A "Java letter" is a character for which the method Character.isJavaIdentifierStart(int) returns true.

The "Java letters" include uppercase and lowercase ASCII Latin letters A-Z (\u0041-\u005a), and a-z (\u0061-\u007a), and, for historical reasons, the ASCII underscore (_, or \u005f) and dollar sign ($, or \u0024). The $ character should be used only in mechanically generated source code or, rarely, to access pre-existing names on legacy systems.


It means underscore named
_
variable is allowed and there is nothing said about a standalone charachter. Naming all three variables with a letter (ex.
a
) gives me obviously an error. What do I miss here?

Answer

Java source code supports unicode characters for variable names (Java ain't Fortran 77 you know).

You actually have different underscore characters in your code. Verify that by using your favourite hexadecimal editor.

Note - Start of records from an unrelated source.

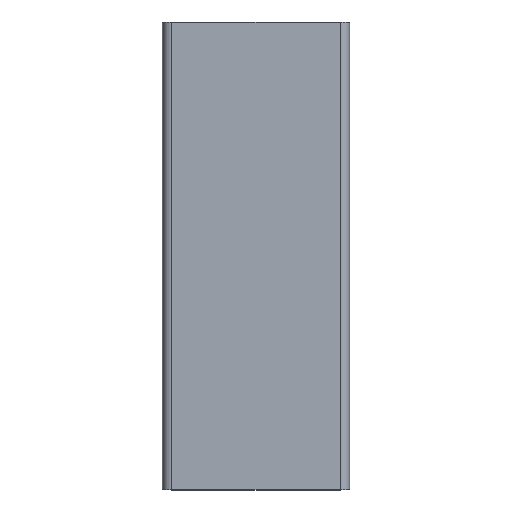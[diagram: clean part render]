
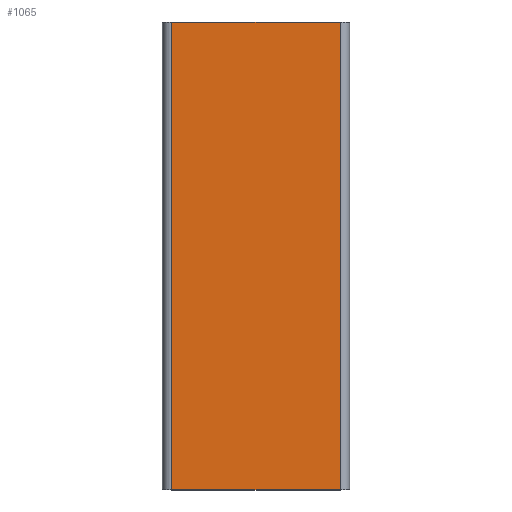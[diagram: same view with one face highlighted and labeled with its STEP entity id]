
A CAD part, top view. The second image highlights one B-rep face of the part: STEP entity #1065.
In plain terms, the highlighted planar face has unit normal (0, 0, 1).
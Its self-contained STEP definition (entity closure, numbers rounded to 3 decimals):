
#31 = DIRECTION ( 'NONE',  ( -1., 0., 0. ) ) ;
#85 = VERTEX_POINT ( 'NONE', #2317 ) ;
#120 = EDGE_CURVE ( 'NONE', #2870, #923, #3219, .T. ) ;
#127 = EDGE_CURVE ( 'NONE', #1182, #85, #4537, .T. ) ;
#280 = ORIENTED_EDGE ( 'NONE', *, *, #120, .T. ) ;
#386 = CARTESIAN_POINT ( 'NONE',  ( -36., 200., 20. ) ) ;
#403 = VECTOR ( 'NONE', #2386, 1000. ) ;
#504 = CARTESIAN_POINT ( 'NONE',  ( -36., 0., 20. ) ) ;
#568 = CARTESIAN_POINT ( 'NONE',  ( -36., 0., 20. ) ) ;
#629 = VECTOR ( 'NONE', #3600, 1000. ) ;
#715 = CARTESIAN_POINT ( 'NONE',  ( 36., 200., 20. ) ) ;
#923 = VERTEX_POINT ( 'NONE', #386 ) ;
#976 = VECTOR ( 'NONE', #4021, 1000. ) ;
#1065 = ADVANCED_FACE ( 'NONE', ( #5616 ), #4248, .T. ) ;
#1151 = CARTESIAN_POINT ( 'NONE',  ( -36., 0., 20. ) ) ;
#1182 = VERTEX_POINT ( 'NONE', #568 ) ;
#1477 = CARTESIAN_POINT ( 'NONE',  ( -36., 0., 20. ) ) ;
#1844 = DIRECTION ( 'NONE',  ( 1., 0., 0. ) ) ;
#1949 = ORIENTED_EDGE ( 'NONE', *, *, #2950, .T. ) ;
#2076 = LINE ( 'NONE', #5914, #629 ) ;
#2263 = EDGE_LOOP ( 'NONE', ( #4770, #1949, #280, #3111 ) ) ;
#2317 = CARTESIAN_POINT ( 'NONE',  ( 36., 0., 20. ) ) ;
#2365 = CARTESIAN_POINT ( 'NONE',  ( -36., 200., 20. ) ) ;
#2386 = DIRECTION ( 'NONE',  ( 1., 0., 0. ) ) ;
#2870 = VERTEX_POINT ( 'NONE', #715 ) ;
#2950 = EDGE_CURVE ( 'NONE', #85, #2870, #2076, .T. ) ;
#3111 = ORIENTED_EDGE ( 'NONE', *, *, #5219, .T. ) ;
#3219 = LINE ( 'NONE', #2365, #5849 ) ;
#3486 = LINE ( 'NONE', #1151, #976 ) ;
#3600 = DIRECTION ( 'NONE',  ( 0., 1., 0. ) ) ;
#4021 = DIRECTION ( 'NONE',  ( 0., -1., 0. ) ) ;
#4248 = PLANE ( 'NONE',  #5818 ) ;
#4537 = LINE ( 'NONE', #504, #403 ) ;
#4770 = ORIENTED_EDGE ( 'NONE', *, *, #127, .T. ) ;
#5172 = DIRECTION ( 'NONE',  ( 0., 0., 1. ) ) ;
#5219 = EDGE_CURVE ( 'NONE', #923, #1182, #3486, .T. ) ;
#5616 = FACE_OUTER_BOUND ( 'NONE', #2263, .T. ) ;
#5818 = AXIS2_PLACEMENT_3D ( 'NONE', #1477, #5172, #1844 ) ;
#5849 = VECTOR ( 'NONE', #31, 1000. ) ;
#5914 = CARTESIAN_POINT ( 'NONE',  ( 36., 0., 20. ) ) ;
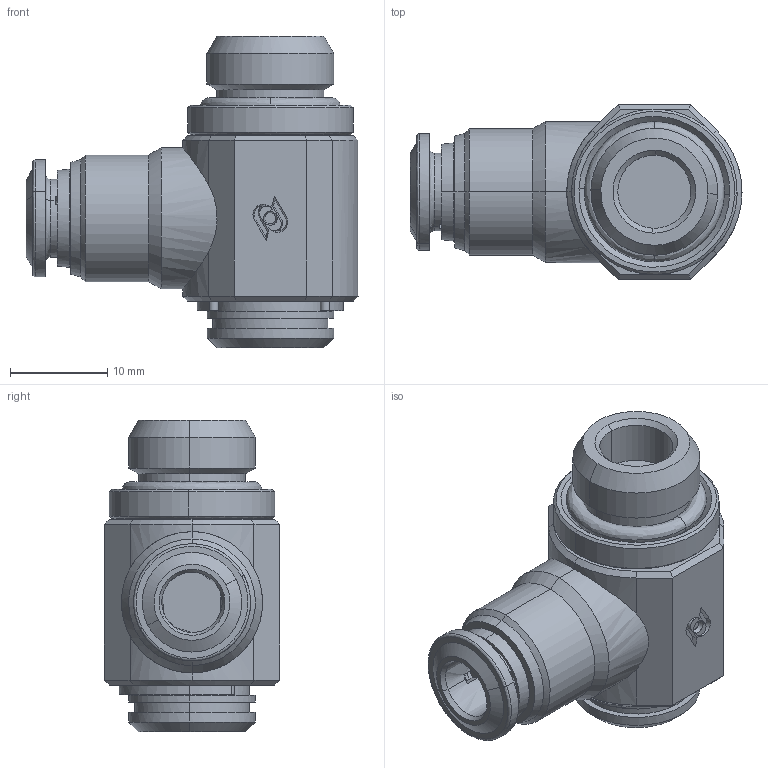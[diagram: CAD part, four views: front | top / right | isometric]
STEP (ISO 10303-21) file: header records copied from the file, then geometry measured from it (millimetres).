
FILE_DESCRIPTION (( 'STEP AP214' ), '1' );
FILE_NAME ('PH06-G02_ME.STEP', '2018-09-06T11:47:51', ( '' ), ( '' ), 'SwSTEP 2.0', 'SolidWorks 2018', '' );
FILE_SCHEMA (( 'AUTOMOTIVE_DESIGN' ));
Length unit declared in the file: millimetre
Products named in the file (1): PH06-G02_ME
Bounding box: 34.1 x 18 x 32 mm (x, y, z)
Volume: 8305.2 mm3; surface area: 3757.2 mm2
Topology: 2 solids, 2 shells, 183 faces, 424 edges, 261 vertices
Faces by surface type: bspline 183
Entity records: 7285 total; most frequent: CARTESIAN_POINT 4728, ORIENTED_EDGE 848, EDGE_CURVE 424, B_SPLINE_CURVE_WITH_KNOTS 303, VERTEX_POINT 261, EDGE_LOOP 207, FACE_OUTER_BOUND 183, ADVANCED_FACE 183
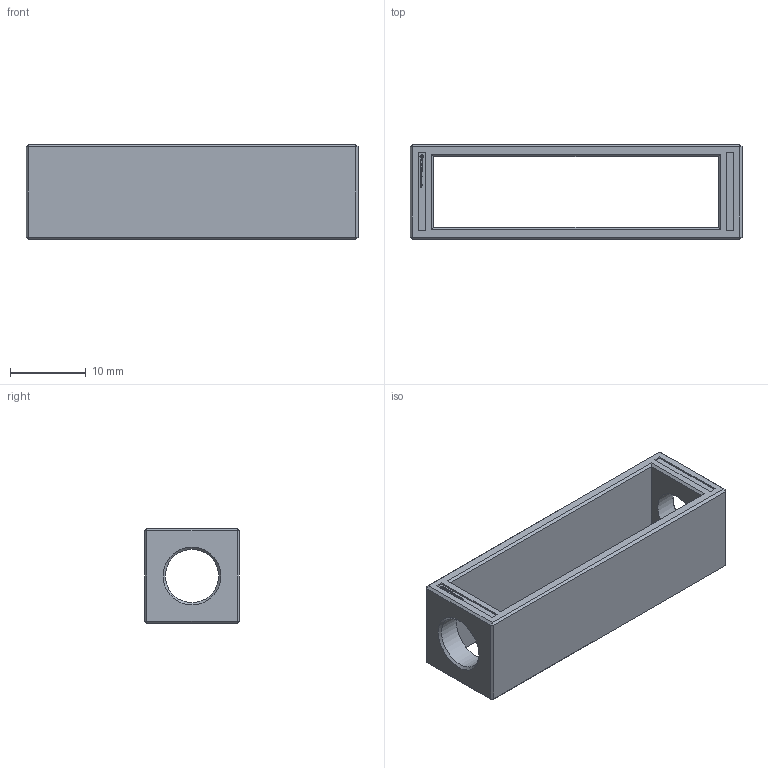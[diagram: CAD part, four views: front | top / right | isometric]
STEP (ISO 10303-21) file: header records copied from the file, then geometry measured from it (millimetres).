
FILE_DESCRIPTION(('FreeCAD Model'),'2;1');
FILE_NAME('Open CASCADE Shape Model','2021-05-23T21:21:36',( 'Paulo Kiefe'),('STEMFIE.org'),'Open CASCADE STEP processor 7.4', 'FreeCAD','Unknown');
FILE_SCHEMA(('AUTOMOTIVE_DESIGN { 1 0 10303 214 1 1 1 1 }'));
Length unit declared in the file: millimetre
Products named in the file (1): Beam_STR_BXS_ESS_BU03.50x01.00x01.00x00.25x00.125_-_SPN-BEM-0011_
(stemfie.org)
Bounding box: 43.75 x 12.5 x 12.5 mm (x, y, z)
Volume: 2174.3 mm3; surface area: 2873.6 mm2
Topology: 1 solids, 1 shells, 455 faces, 1223 edges, 804 vertices
Faces by surface type: plane 363, extrusion 88, cone 2, cylinder 2
Full cylindrical faces by diameter (mm): 7 x2
Entity records: 30006 total; most frequent: CARTESIAN_POINT 5821, DIRECTION 4145, VECTOR 3395, LINE 3307, ORIENTED_EDGE 2446, PCURVE 2446, DEFINITIONAL_REPRESENTATION 2446, EDGE_CURVE 1223

There's nothing special going on here: just a use of a fancy obfuscation trick.


To clarify, the code appears to actually be:

String _\u200E = "One ";
String _\u200F‏ = "two ";
String _\u200E\u200F = "three ";

And the println() doesn't compile, because it actually:

System.out.println( _ ‎\u200E+ _ ‏\u200F+ _ ‎‏\u200E\u200F);

And those special characters are:
200E: LEFT-TO-RIGHT MARK
200F: RIGHT-TO-LEFT MARK